High Blood Pressure During Pregnancy

Share:

High blood pressure during pregnancy, or preeclampsia, affects 7 out of every 100 pregnant women. It affects most of these women during their first pregnancy. High blood pressure occurs when the pressure of the blood inside the arteries builds up to levels that are greater than normal.

 

What Happens in Preeclampsia?

During pregnancy, the blood vessels in the uterus of a woman enlarge and dilate to increase blood flow to the placenta. The baby in the mother’s womb receives all of the nutrients and oxygen through the placenta.

In women who are going to develop high blood pressure, the arterioles throughout the body and the arteries of the uterus constrict instead of dilating. This reduces the amount of the mother’s blood flowing to the placenta, causing the baby’s growth to slow down.

In some women, preeclampsia is mild and their blood pressure rises only slightly. However, even when a woman has mild preeclampisa, blood flow to the placenta, or afterbirth, may decrease, leaving the foetus malnourished and underweight. In severe cases, preeclampsia can be fatal to the mother and the baby in her womb.

Preeclampsia, if left untreated, may cause complications for the baby in the womb such as:

  • Underweight
  • Premature delivery
  • Weak baby if born early
  • Stillborn

Extremely high levels of blood pressure in the mother that persist without medical care can damage the organs, such as the kidneys, brain, eyes, and liver. The heart may be weakened from the stress of pumping out blood against the force that has built up because the arterioles are smaller. If the blood pressure rises to very high levels and persists, seizures can occur. This stage is known as eclampsia.

The placenta may tear away from the wall of the uterus before delivery, a condition called abruptio placentae. This can occur if the blood vessels leading to the placenta are ruptured by high blood pressure and begin to leak blood. The force of this blood behind the placenta may eventually push it away from the uterine wall.

 

What are the Risk Factors of Preeclampsia?

The causes of preeclampsia is unknown. Most of the women who suffer from preeclampsia have never had high blood pressure before. However, some risk factors that increase one’s chances of getting preeclampsia are:

  • Having the first pregnancy after age 30
  • Being overweight
  • Having the first pregnancy during teen age
  • Diabetes
  • Being pregnant with more than one baby
  • Having kidney disease
  • Family history
  • Eating a diet that is low in protein

 

What are the Symptoms of Preeclampsia?

Since there are no distinct symptoms of high blood pressure, a pregnant woman may not be aware of her condition for a long time. However, some symptoms include:

  • Sudden gain in weight
  • Swelling of the face or fingers
  • Headaches
  • Blurred vision
  • Pain in the upper abdomen

 

What are the Treatment Options for Preeclampsia?

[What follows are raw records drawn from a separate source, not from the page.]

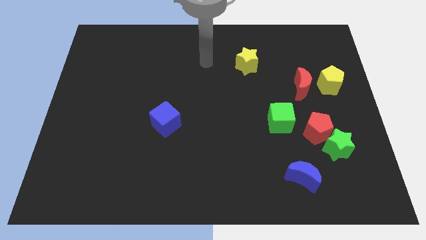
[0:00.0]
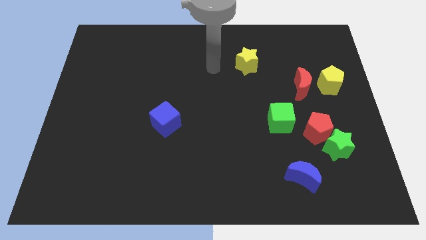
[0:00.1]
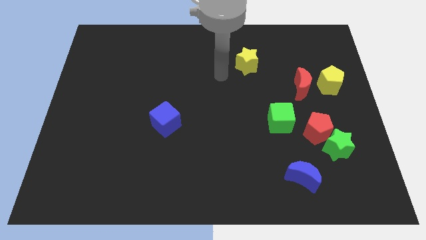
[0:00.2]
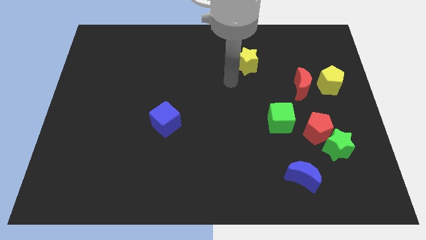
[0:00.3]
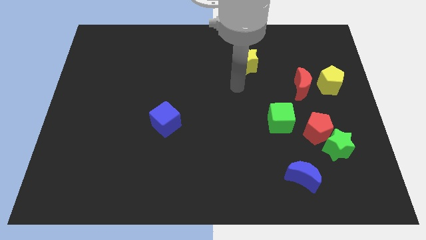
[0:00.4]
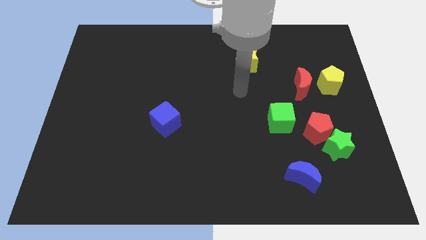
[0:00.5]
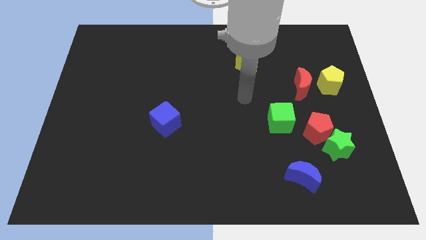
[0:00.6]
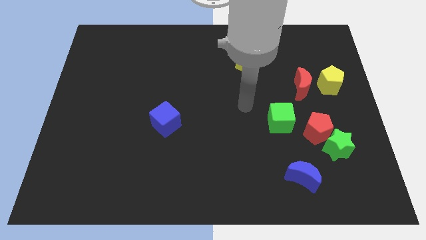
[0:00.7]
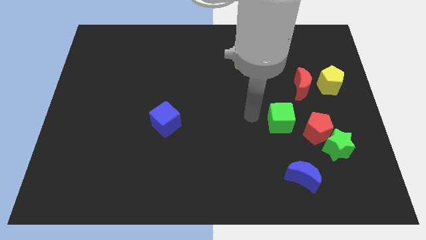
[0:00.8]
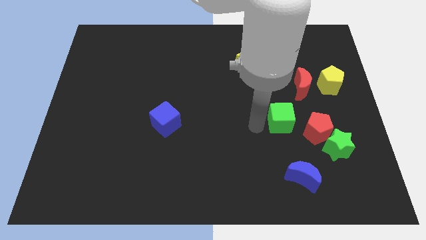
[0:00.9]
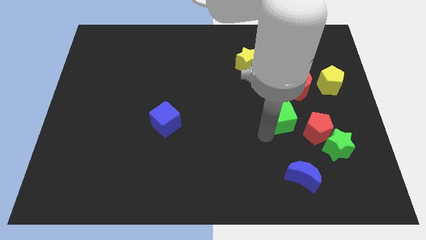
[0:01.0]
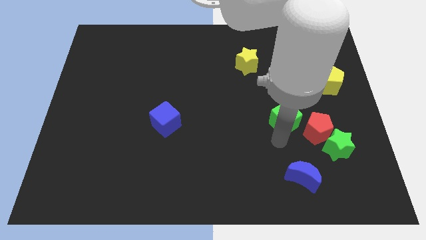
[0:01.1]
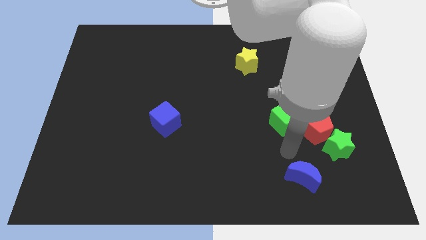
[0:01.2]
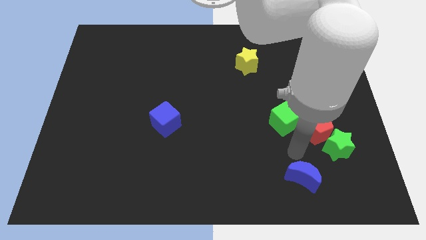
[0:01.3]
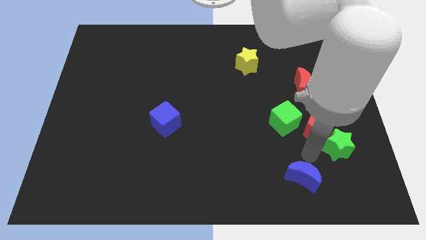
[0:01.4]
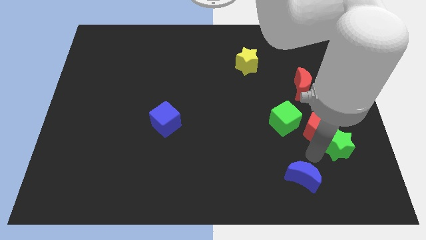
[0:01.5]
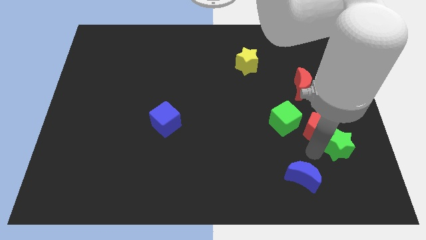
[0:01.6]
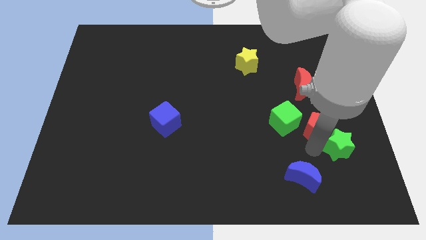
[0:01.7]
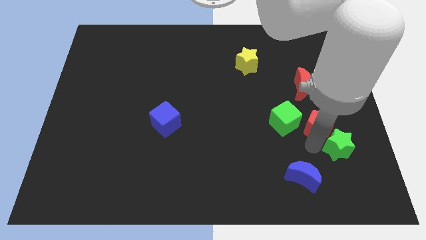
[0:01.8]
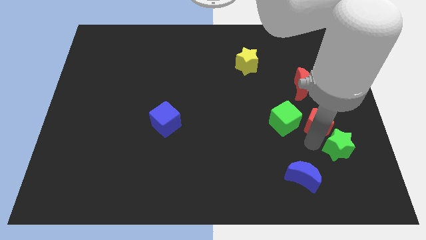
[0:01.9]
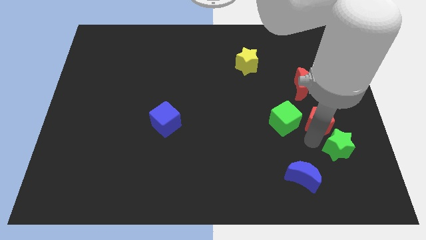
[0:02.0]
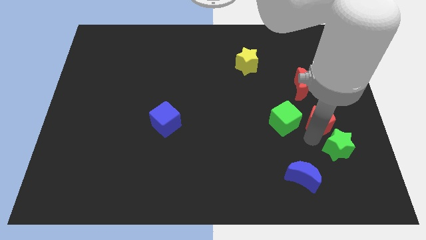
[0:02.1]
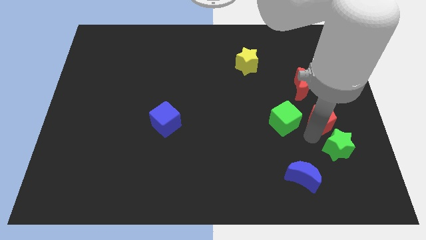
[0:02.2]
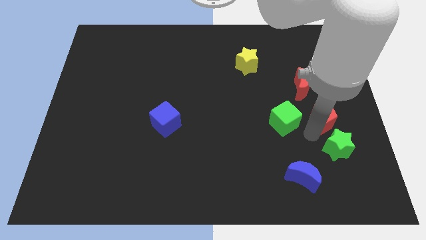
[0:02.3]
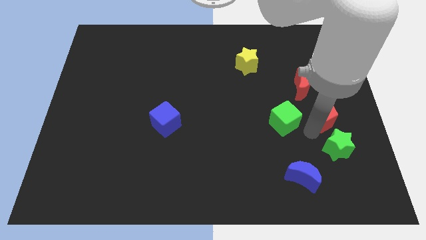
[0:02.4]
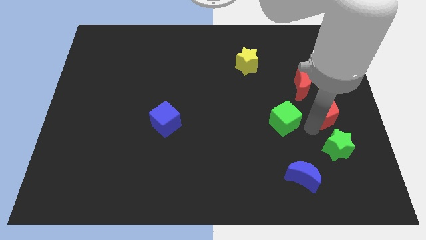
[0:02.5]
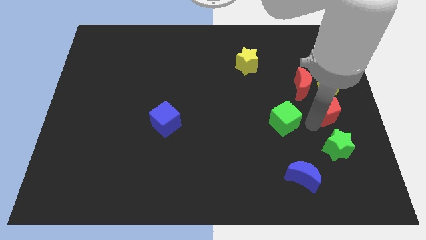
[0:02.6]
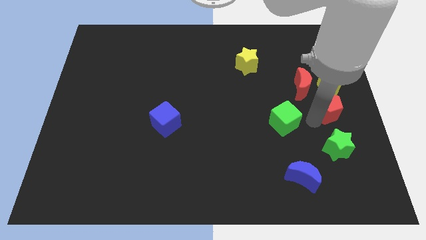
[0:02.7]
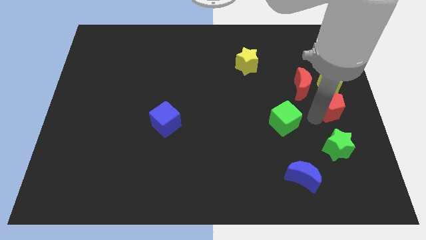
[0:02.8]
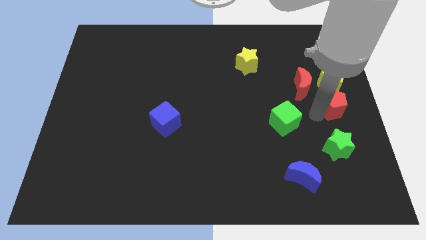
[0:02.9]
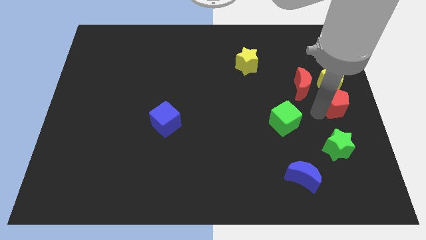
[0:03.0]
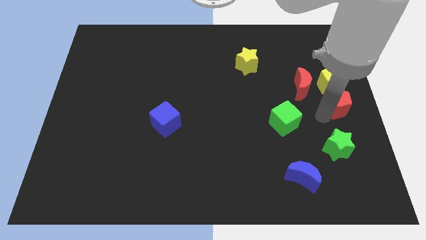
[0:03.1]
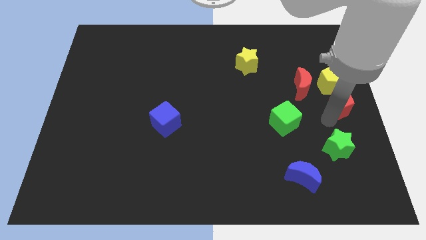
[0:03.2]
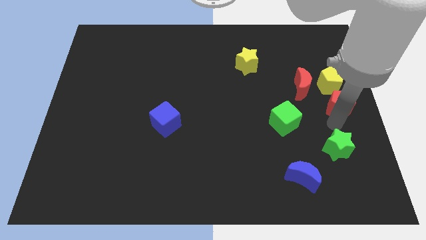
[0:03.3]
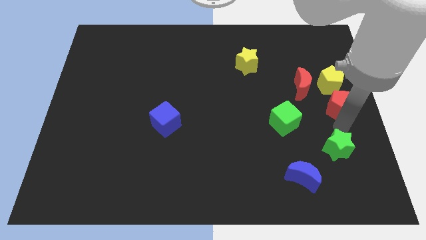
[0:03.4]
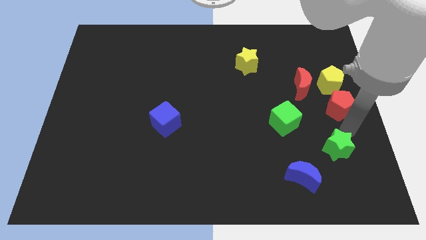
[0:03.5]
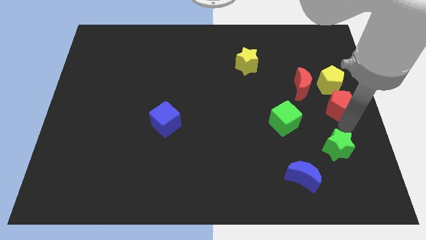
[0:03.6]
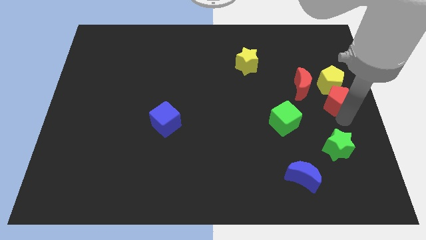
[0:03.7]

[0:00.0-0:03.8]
push the red pentagon next to the yellow pentagon

When the increase in blood pressure occurs late in the pregnancy and the baby is delivered near the 36th week, the baby is not likely to be affected because it is almost fully developed. If preeclampsia is detected in mild stages and the mother’s blood pressure is controlled, she can usually expect to have an unaffected baby. In general, if the mother is well nourished, if she follows the doctor’s advice about bed rest, and if her blood pressure does not get too high, the baby should not be adversely affected.

Severe preeclampsia can be fatal to the mother. The only treatment for very severe preeclampsia is to deliver the baby, either via induced labour or a caesarean birth. After delivery, the woman’s blood pressure usually returns to normal.

These serious problems may never develop if changes in blood pressure are detected early and efforts are made to protect the mother and baby. The most important thing a woman can do in pregnancy is to see her doctor early and regularly. As part of the prenatal care, a woman’s blood pressure can be checked to detect high blood pressure.

 

How is Preeclampsia Prevented?

It is important to go for routine visits to the doctor, starting early in the pregnancy. Regular check-ups can help detect changes in blood pressure before it leads to complications in the pregnancy.

Severe cases usually involve women who do not see their doctors until late in the pregnancy. By this time the blood pressure has already risen to high levels and is harder to control.

If a rise in blood pressure is detected several weeks before the baby is born, several test may be done to see if the baby is developing normally in the mother’s womb, such as ultrasound and electronic fetal monitoring.

 

Will Preeclampsia Happen in Later Pregnancies?

If preeclampsia occurs during a woman’s first pregnancy and late in the pregnancy, it will probably never happen again. If preeclampsia develops in a later pregnancy, the woman is more likely to have an underlying medical disorder that caused the blood pressure to rise.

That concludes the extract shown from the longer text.